The DNSRA ChallengeFoundations in Algorithms |
Added FAQ to Section 10 and how we will be grading M3 to Section 9.
Thanks to a comment from Wang Wei in the IVLE forum, we found an off-by-one error in the values of d reported in the input files. The reported value is one less than the actual value, this has been corrected in all input files by altering the value of d.
In Section 8.3, added link to the DNSRA Challenge site and instructions to submit your output as part of the requirements for M3.
Section 4 includes a link to the program we use for computing the score of a set of contigs.
Added formula used in evaluation to Section 4.
Added medium, large, and hidden datasets to Section 5.3, 5.4, and 5.5.
Please DO NOT run your programs on the medium and large datasets using sunfire, you should use the Tembusu cluster (see https://www.comp.nus.edu.sg/cf/tembusu/index.html and https://www.comp.nus.edu.sg/cf/tembusu/sge.html for details, as usual you should post your question on the IVLE forum).
Added team pairings and assignment of algorithm for M1 to Section 7.
The aim of the course project is to apply advanced algorithms and data structures to solve real problems. The problem chosen for this purpose is the De novo Short Read Assembly problem (DNSRA).
DNSRA is a problem that arises from DNA sequencing. Sequencing is the process of determining the order of chemical bases (abbreviated A, G, C, and T) that make up the target DNA sequence. The strategy used in the new generation sequencing projects is as follows:
New sequencing machines are able to produce large amounts of short paired reads. The challenge of short read assembly is to take in a set of reads and assemble them to form the original DNA sequence. As it is almost impossible to recover the entire DNA sequence, the output of the assembly process is a number of contigs. A contig is contiguous sequence of the target DNA sequence formed by combining multiple reads together.
In this project, we will focus on a simplified version of the DNSRA problem by assuming that the target DNA sequence consists of a single linear chromosome taken from bacteria. In addition, we assume there are no errors due to erroneous litigations and indels.
This project is to implement efficient and effective algorithms for DNSRA and verify the performance of your algorithm on various benchmark datasets. This project is modelled after various DIMACS Challenges, where researchers are invited to implement algorithms to solve specific problems. (Past DIMACS challenge problems include matching, network flows, graph colouring, maximum clique, satisfiability, TSP, shortest path, etc.).
In this DNSRA Challenge, the “challenge” is to assemble contiguous portions of the target DNA sequence given a large number of reads.

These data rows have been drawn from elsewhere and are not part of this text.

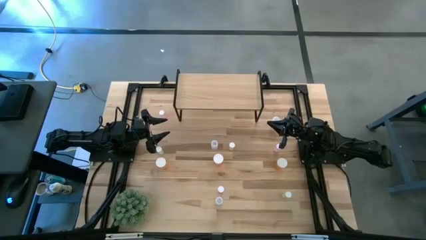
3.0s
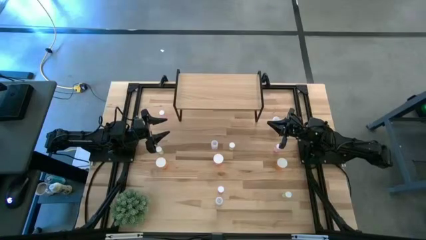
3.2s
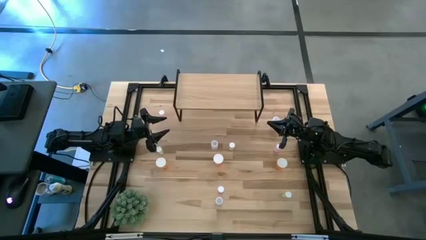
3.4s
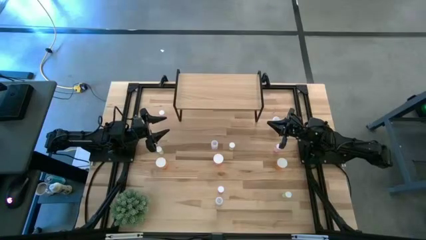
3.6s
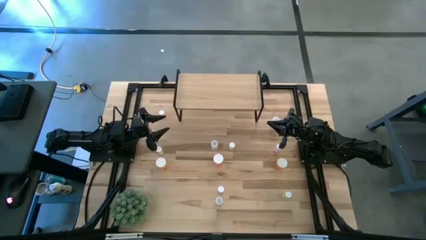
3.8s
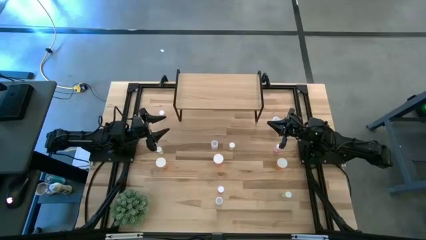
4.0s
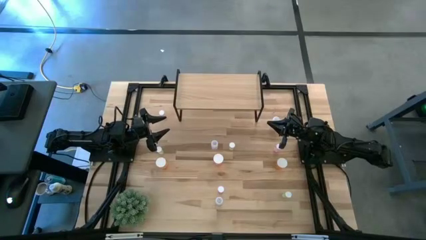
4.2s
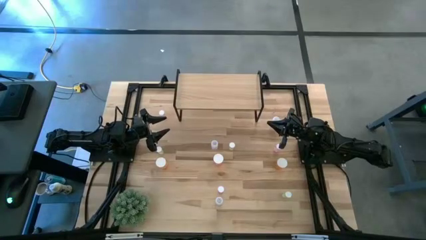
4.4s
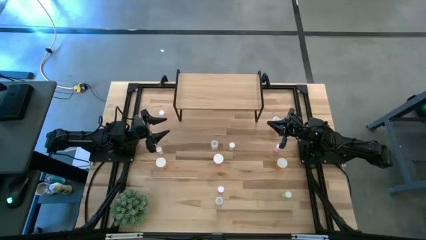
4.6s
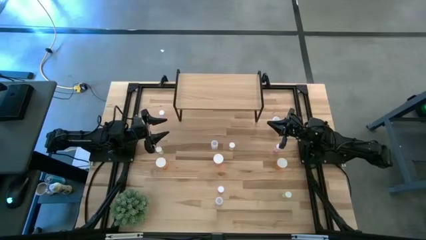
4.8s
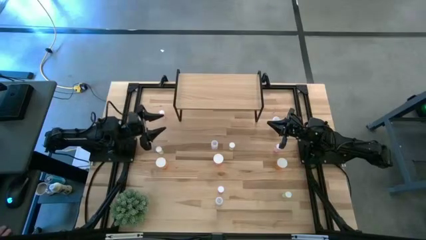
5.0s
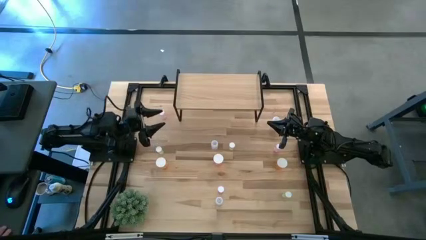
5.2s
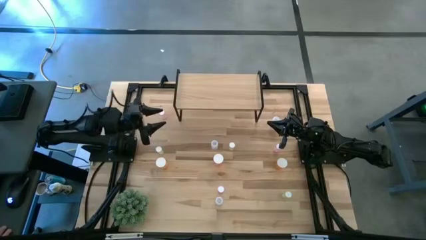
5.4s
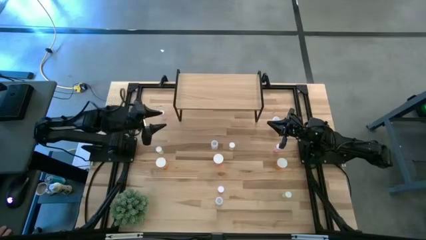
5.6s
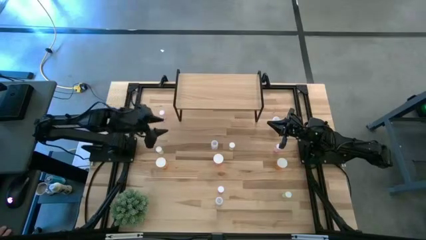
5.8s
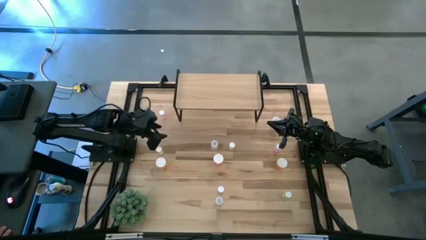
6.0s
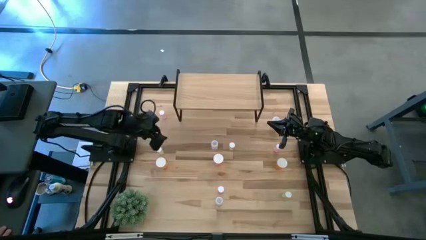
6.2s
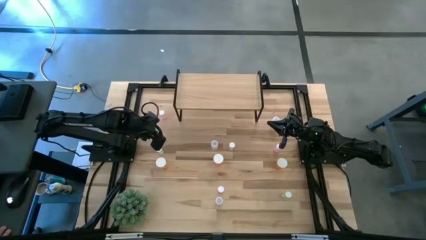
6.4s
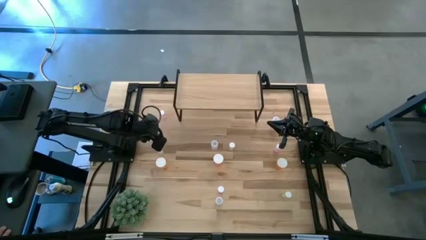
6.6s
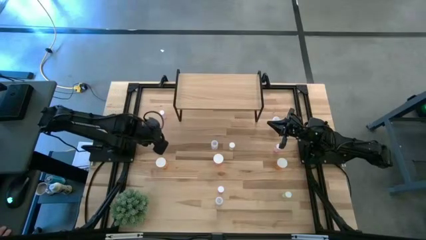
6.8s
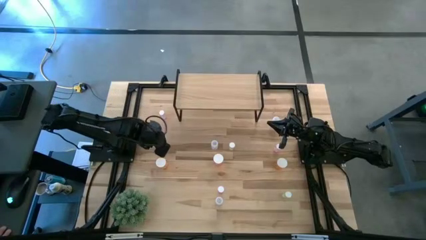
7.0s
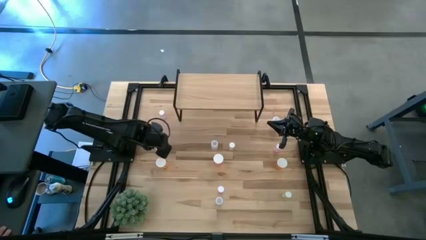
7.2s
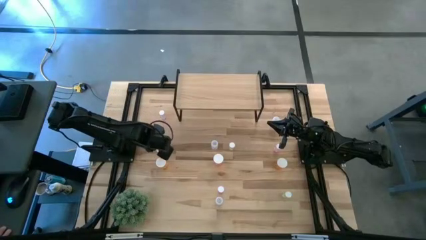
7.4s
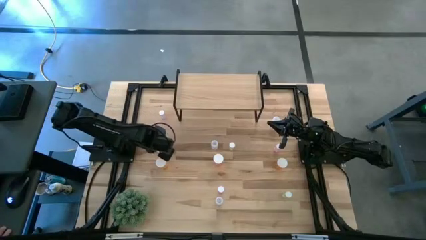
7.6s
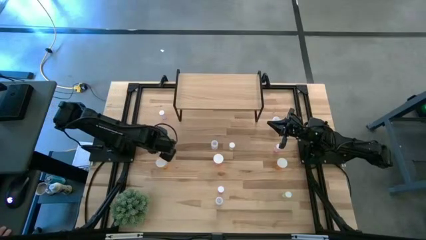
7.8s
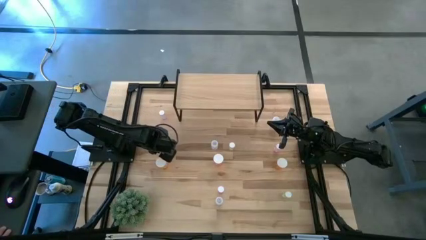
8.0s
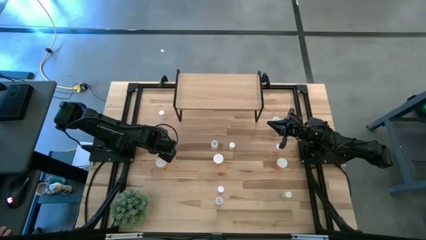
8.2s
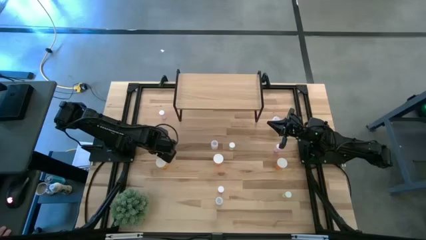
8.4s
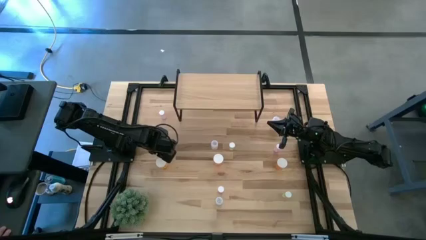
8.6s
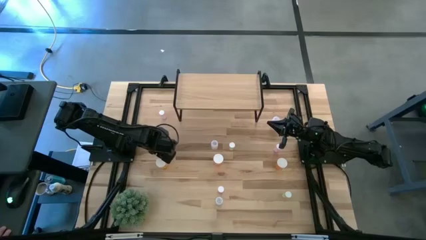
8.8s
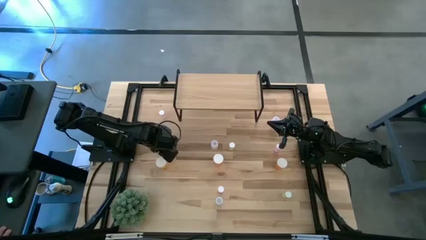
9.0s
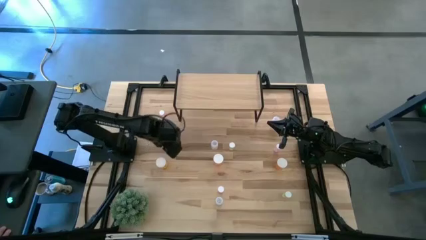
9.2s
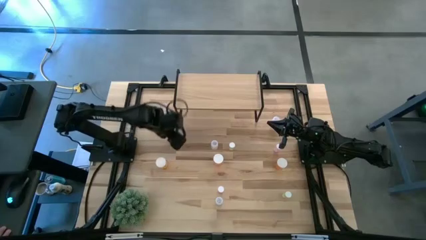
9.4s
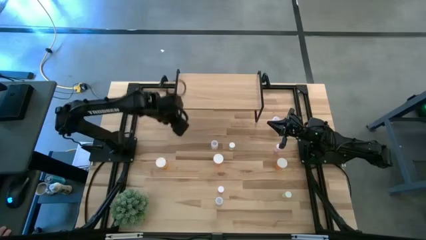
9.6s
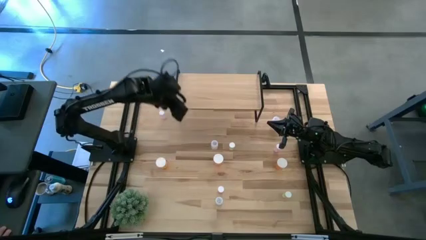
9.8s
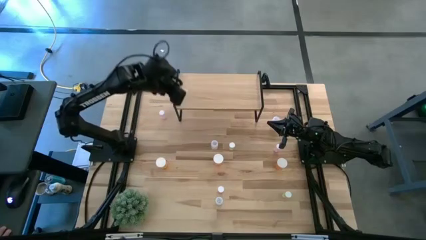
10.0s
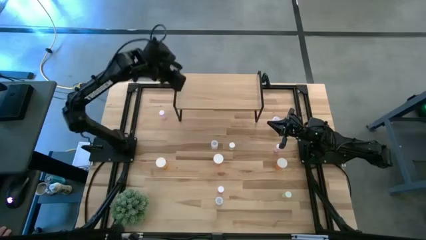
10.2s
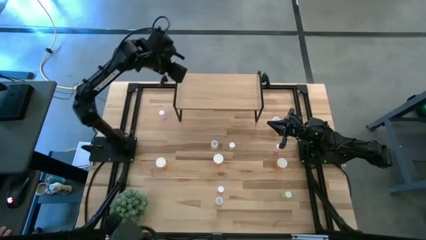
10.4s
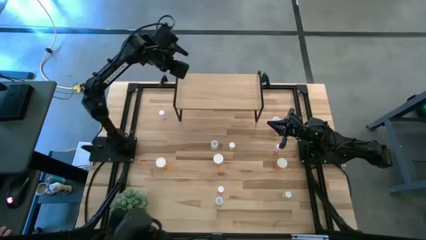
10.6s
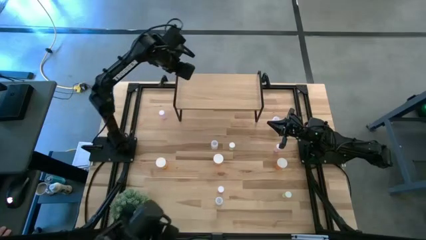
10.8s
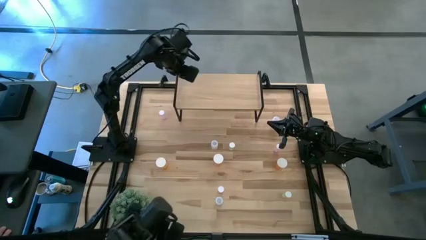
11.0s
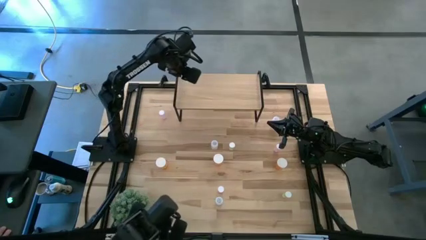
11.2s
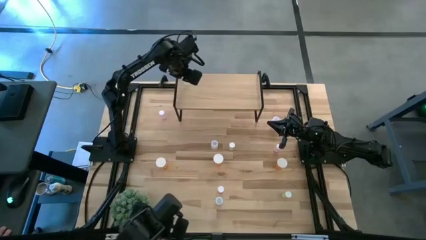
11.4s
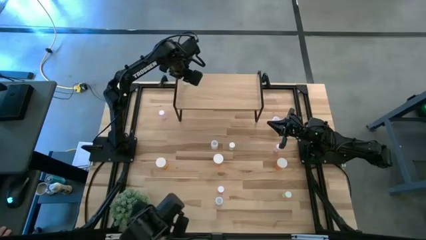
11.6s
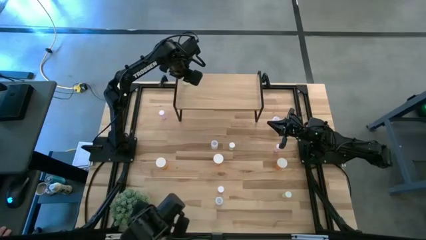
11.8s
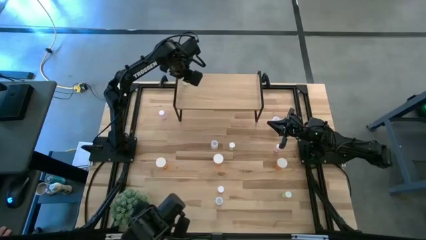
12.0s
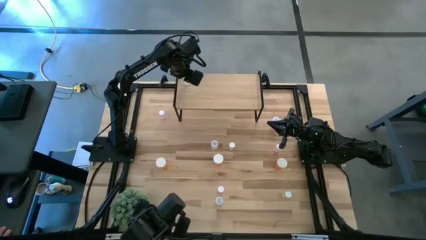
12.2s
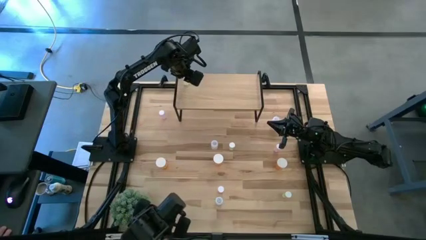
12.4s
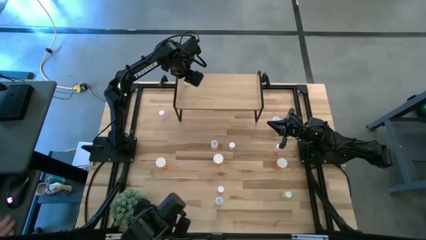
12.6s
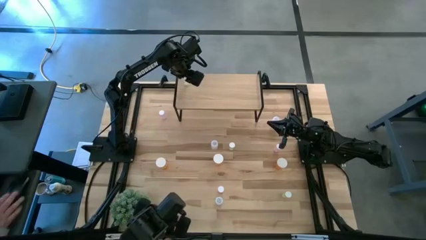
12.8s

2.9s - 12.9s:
Task: Pick and place medicine bottles onto shelf by color
Put the left yellow pill bottle on the shelf

The input for DNSRA consists of the following:
Recall that the reads are generated by sequencing the start and end of each fragment. In addition, reads are subjected to read errors that causes a base to be misread. Suppose the base on a fragment is supposed to be A but due to read errors, it could be read as G, C, T or N, where N means the sequencer is unable to decide the correct base.
The solution to the DNSRA problem is a set of contigs. Contigs are formed by combining multiple reads together. Contigs should be as long as possible.

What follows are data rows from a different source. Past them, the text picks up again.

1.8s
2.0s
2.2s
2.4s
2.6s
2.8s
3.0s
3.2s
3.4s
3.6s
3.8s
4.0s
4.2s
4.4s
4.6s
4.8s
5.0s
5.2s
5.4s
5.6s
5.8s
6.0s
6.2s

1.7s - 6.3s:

For a more detailed write-up of the DNSRA problem and related works, please refer to this report [1] and [6]. We would like to thank Pramila for allowing us to distribute his report.
The input will be in the form of a multi-FASTA file with a custom header block. The following shows a sample input file.
## CS5206 DNSRA project input file ## Reads generated from genome/AM260523_852.fna via simulation of a paired-end sequencing machine ## Simulation parameters are: 100 10 50 30 0 1 ## File generated on: Tue Sep 15 10:35:57 SGT 2009 #\d=100 #\w=10 #\l=30 #\n=1400 >read_1_1 TTGAGTTAAGGAGATAAGATGTTAAAAAAT >read_1_2 AAAAACAATTAGCTAAATATCAAAGTAAAG >read_2_1 AATTAGCTAAATATCAAAGTAAAGTTTTAG >read_2_2 AAGCTAAGAAAGATGAGAATTTAGCTAGTA >read_3_1 ACTAGATAAGGGGGTTACAGCGTTCCTTAA >read_3_2 GATATAATGGGGTTGTTATGATTGATTGAG ...
Lines beginning with #
represent the header of the file.
Lines starting with ##
are human readable comments, your program should ignore these lines.
Lines starting with #\
are the parameters for this dataset, your program
should parse these lines. The parameters d, w, and l are as described in
the Section 3. The parameter n indicates the number of reads in
the file.
The reads are organised as follows the (2i − 1)th read is the start of the ith fragment and the (2i)th read is the end of the ith fragment.
Each read is given using two lines, the first line begins with >
followed
by a string that is the id of the read. This is followed by a line containing
l characters from the set {A, G, C, T, N}.
Your program should try to combine as many reads as possible into contigs and output the contig in a multi-FASTA file as follows. The following shows a sample output file.
## CS5206 DNSRA project output file ## Contigus generated from reads001.fna using GCE algorithm ## Algorithm parameters are: 100 10 50 30 0 1 ## File generated on: Tue Sep 15 10:35:57 SGT 2009 #\f=reads001.fna #\t=12 #\m=100 #\r=10 >contig_1 TTGAGTTAAAAGTAAAAAACAAGCTAAATATCAAAGTAAAG >contig_2 AATTAGCTAAATATCAAAGTAAGTTGACTAAGAAAGATGAGAATTTAGCTAGTA ...
Your output file should start with a human readable text comment indicating the name of the algorithm used and the parameters of the algorithm.
This is followed by a section that indicates the values for the following parameters.
Finally, output the contigs in multi-FASTA format. Each contig should be printed
on two lines. The first line should start with >
and contain an unique id
of the contig and the next line should contain the sequence of the contig which
is a string contain characters from the set {A, G, C, T}
We will be using blat [5] to map your contigs back to the reference genome. The quality of your output will be evaluated using a combination of the coverage and the N50 contig length.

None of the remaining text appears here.